От долгой брани истощились силы у игумена и посетил его Господь немощию да и ветх был деньми. Уже полтретья года на одре лежал.

И поразмыслил тако:

— Уж есмь ближайший ко гробу телом. На всяк час смерти чаю. Потороплюсь у князя прощаться. Егда строгостью не смутил его, покушусь добротою.

И призвав к себе келаря Феофана, нарочитого иконника, приказал ему лучшую из икон принести, грецкого письма или какого иного, чтобы мздою князя уласкать.

— Не Дионисьева ль письма, прикажешь, господине? — спросил келарь.

— Дионисьева? — повторил игумен и сам смутился: перьвейший изограф был монах Дионисий, в живописцех преизящный; на Кубенском озере жил, и благодать Божия кистью его водила, духоносные образа писал и, глядя на них, каждый чистую радость познавал. — Неужли отдать сквернословцу и еретикам согласнику?

Пожевал старыми сухими и синими губами, покряхтел и поборол досаду:

— Отнести икону князю Федору без мотчания. К ней послание мое приложити.

Взял перо в руки и, прежде нежели хромой келарь из келии выйти успел, скоропоспешно написал:

«Не лепо нам, княже, враждовати друг на друга. Суетное то есть велемудрие, Господу неугодное. Да не будет в нас разори. Давай, господине, взыщем разума божественных писаний и помиримся, храняще заповедь Христову о человеколюбие. Покажем иным — ты княжа, я смиренный молебник — како надо соблюдати Закон Божий.

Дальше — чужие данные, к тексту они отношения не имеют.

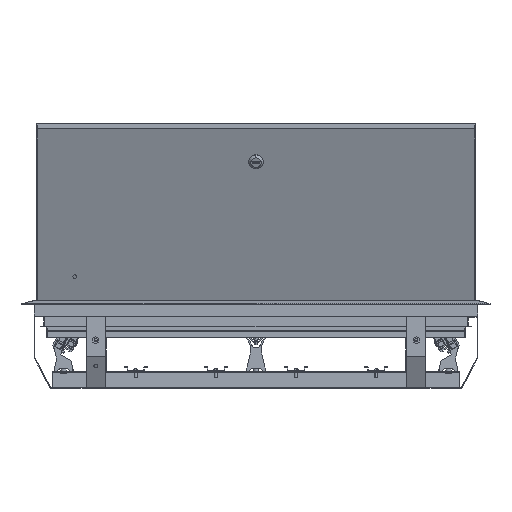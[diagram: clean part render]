
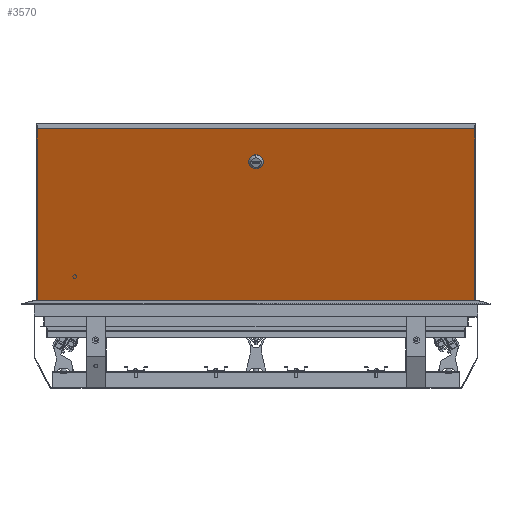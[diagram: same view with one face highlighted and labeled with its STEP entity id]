
A CAD part, left-side view. The second image highlights one B-rep face of the part: STEP entity #3570.
In plain terms, the highlighted face is planar.
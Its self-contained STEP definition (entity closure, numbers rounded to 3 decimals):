
#235 = CARTESIAN_POINT ( 'NONE',  ( 0., 0., 0. ) ) ;
#604 = DIRECTION ( 'NONE',  ( 1., 0., 0. ) ) ;
#1409 = EDGE_CURVE ( 'NONE', #8637, #27360, #31617, .T. ) ;
#2159 = ORIENTED_EDGE ( 'NONE', *, *, #26908, .T. ) ;
#3570 = ADVANCED_FACE ( 'NONE', ( #23993, #8686 ), #15527, .T. ) ;
#3625 = VECTOR ( 'NONE', #604, 1000. ) ;
#4136 = ORIENTED_EDGE ( 'NONE', *, *, #1409, .T. ) ;
#4421 = DIRECTION ( 'NONE',  ( -1., 0., 0. ) ) ;
#4777 = DIRECTION ( 'NONE',  ( 0., 0., 1. ) ) ;
#7126 = AXIS2_PLACEMENT_3D ( 'NONE', #18337, #12610, #31369 ) ;
#7585 = CIRCLE ( 'NONE', #7126, 11.5 ) ;
#7626 = DIRECTION ( 'NONE',  ( 0., -1., 0. ) ) ;
#8038 = VERTEX_POINT ( 'NONE', #28352 ) ;
#8370 = CARTESIAN_POINT ( 'NONE',  ( -153., 342.5, 0. ) ) ;
#8637 = VERTEX_POINT ( 'NONE', #32768 ) ;
#8686 = FACE_OUTER_BOUND ( 'NONE', #33673, .T. ) ;
#9130 = EDGE_CURVE ( 'NONE', #17699, #32745, #17745, .T. ) ;
#9266 = DIRECTION ( 'NONE',  ( 1., 0., 0. ) ) ;
#9773 = ORIENTED_EDGE ( 'NONE', *, *, #20830, .T. ) ;
#10097 = CARTESIAN_POINT ( 'NONE',  ( -98., 0., 0. ) ) ;
#12405 = DIRECTION ( 'NONE',  ( 0., 1., 0. ) ) ;
#12610 = DIRECTION ( 'NONE',  ( 0., 0., 1. ) ) ;
#13430 = VECTOR ( 'NONE', #7626, 1000. ) ;
#14377 = CARTESIAN_POINT ( 'NONE',  ( -153., 342.5, 0. ) ) ;
#14410 = CARTESIAN_POINT ( 'NONE',  ( -86.5, 0., 0. ) ) ;
#14676 = CARTESIAN_POINT ( 'NONE',  ( -153., 342.5, 0. ) ) ;
#15280 = LINE ( 'NONE', #27737, #28306 ) ;
#15527 = PLANE ( 'NONE',  #34064 ) ;
#17699 = VERTEX_POINT ( 'NONE', #33002 ) ;
#17745 = CIRCLE ( 'NONE', #23962, 11.5 ) ;
#18128 = CARTESIAN_POINT ( 'NONE',  ( -153., -342.5, 0. ) ) ;
#18139 = VECTOR ( 'NONE', #4421, 1000. ) ;
#18337 = CARTESIAN_POINT ( 'NONE',  ( -98., 0., 0. ) ) ;
#19266 = EDGE_CURVE ( 'NONE', #32745, #17699, #7585, .T. ) ;
#19746 = DIRECTION ( 'NONE',  ( 1., 0., 0. ) ) ;
#20830 = EDGE_CURVE ( 'NONE', #8038, #8637, #15280, .T. ) ;
#21406 = EDGE_LOOP ( 'NONE', ( #31558, #28543 ) ) ;
#22938 = LINE ( 'NONE', #14377, #13430 ) ;
#23539 = VERTEX_POINT ( 'NONE', #31474 ) ;
#23962 = AXIS2_PLACEMENT_3D ( 'NONE', #10097, #31077, #19746 ) ;
#23987 = ORIENTED_EDGE ( 'NONE', *, *, #26447, .T. ) ;
#23993 = FACE_BOUND ( 'NONE', #21406, .T. ) ;
#25457 = LINE ( 'NONE', #18128, #3625 ) ;
#26447 = EDGE_CURVE ( 'NONE', #27360, #23539, #22938, .T. ) ;
#26908 = EDGE_CURVE ( 'NONE', #23539, #8038, #25457, .T. ) ;
#27360 = VERTEX_POINT ( 'NONE', #8370 ) ;
#27737 = CARTESIAN_POINT ( 'NONE',  ( 153., 342.5, 0. ) ) ;
#28306 = VECTOR ( 'NONE', #12405, 1000. ) ;
#28352 = CARTESIAN_POINT ( 'NONE',  ( 153., -342.5, 0. ) ) ;
#28543 = ORIENTED_EDGE ( 'NONE', *, *, #9130, .F. ) ;
#31077 = DIRECTION ( 'NONE',  ( 0., 0., 1. ) ) ;
#31369 = DIRECTION ( 'NONE',  ( 1., 0., 0. ) ) ;
#31474 = CARTESIAN_POINT ( 'NONE',  ( -153., -342.5, 0. ) ) ;
#31558 = ORIENTED_EDGE ( 'NONE', *, *, #19266, .F. ) ;
#31617 = LINE ( 'NONE', #14676, #18139 ) ;
#32745 = VERTEX_POINT ( 'NONE', #14410 ) ;
#32768 = CARTESIAN_POINT ( 'NONE',  ( 153., 342.5, 0. ) ) ;
#33002 = CARTESIAN_POINT ( 'NONE',  ( -109.5, 0., 0. ) ) ;
#33673 = EDGE_LOOP ( 'NONE', ( #23987, #2159, #9773, #4136 ) ) ;
#34064 = AXIS2_PLACEMENT_3D ( 'NONE', #235, #4777, #9266 ) ;

В знаменье прощания досылаю тебе чюдную икону искусного письма, не по плотскому умыслу писанную. Благословил тебя родитель Волохой, Ржевой, Вышгородом и Шопковою слободою. Я же, худой и смиренный мних, благословляю тя иконою нарочитого письма».

* * *

Пил княжа Федор Борисович златоструйную романею и слушал смехотворную притчу от проезжего гречина-мимохода, льстивца и скомраха. Фрязское вино душу приводило в распадение и удаль гнало наружу: на-двое, сказывают, вино разлучается — умным на веселье, а безумным на погибель. Принесли князю сагадак золотой с яхонты, лук с налучьем и колчан, стрелами набивный. Стал княжа меткость доказывать: куда хочет, туда и угодит. Рядом с ним отрок Митя стоял, лицом белый, губам алый, весь нежный — ни дать, ни взять царевна Милонега из баснословья.

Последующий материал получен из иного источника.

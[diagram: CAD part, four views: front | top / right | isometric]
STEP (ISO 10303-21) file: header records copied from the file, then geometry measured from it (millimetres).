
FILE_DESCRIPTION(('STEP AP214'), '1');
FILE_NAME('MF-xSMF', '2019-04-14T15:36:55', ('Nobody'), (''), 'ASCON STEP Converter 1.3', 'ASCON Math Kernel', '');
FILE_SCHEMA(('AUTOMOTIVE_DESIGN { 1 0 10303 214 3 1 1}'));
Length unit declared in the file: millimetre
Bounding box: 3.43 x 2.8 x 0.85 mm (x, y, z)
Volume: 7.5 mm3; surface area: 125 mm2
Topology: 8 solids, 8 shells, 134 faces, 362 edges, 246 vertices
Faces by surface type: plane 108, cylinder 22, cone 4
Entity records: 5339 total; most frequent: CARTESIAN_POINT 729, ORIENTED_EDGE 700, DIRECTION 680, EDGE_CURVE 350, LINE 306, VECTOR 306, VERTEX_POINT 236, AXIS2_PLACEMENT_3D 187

А княгиня Марья, давно уже князю постылая, из оконца теремчатого посматривала и, тафтой Венецыйской прикрываясь, не на мужнее удальство любовалась, но зорко следила: правду ли мамка говорит ей каждодневно — злеише девок блудливых отрочата голоусые суть.

Тем часом келарь да большой подчашник, да четыре-надесять черньцов чюдную икону принесли. Прочитали князю послание игумена, а потом икону показали, покровы с нее снявши.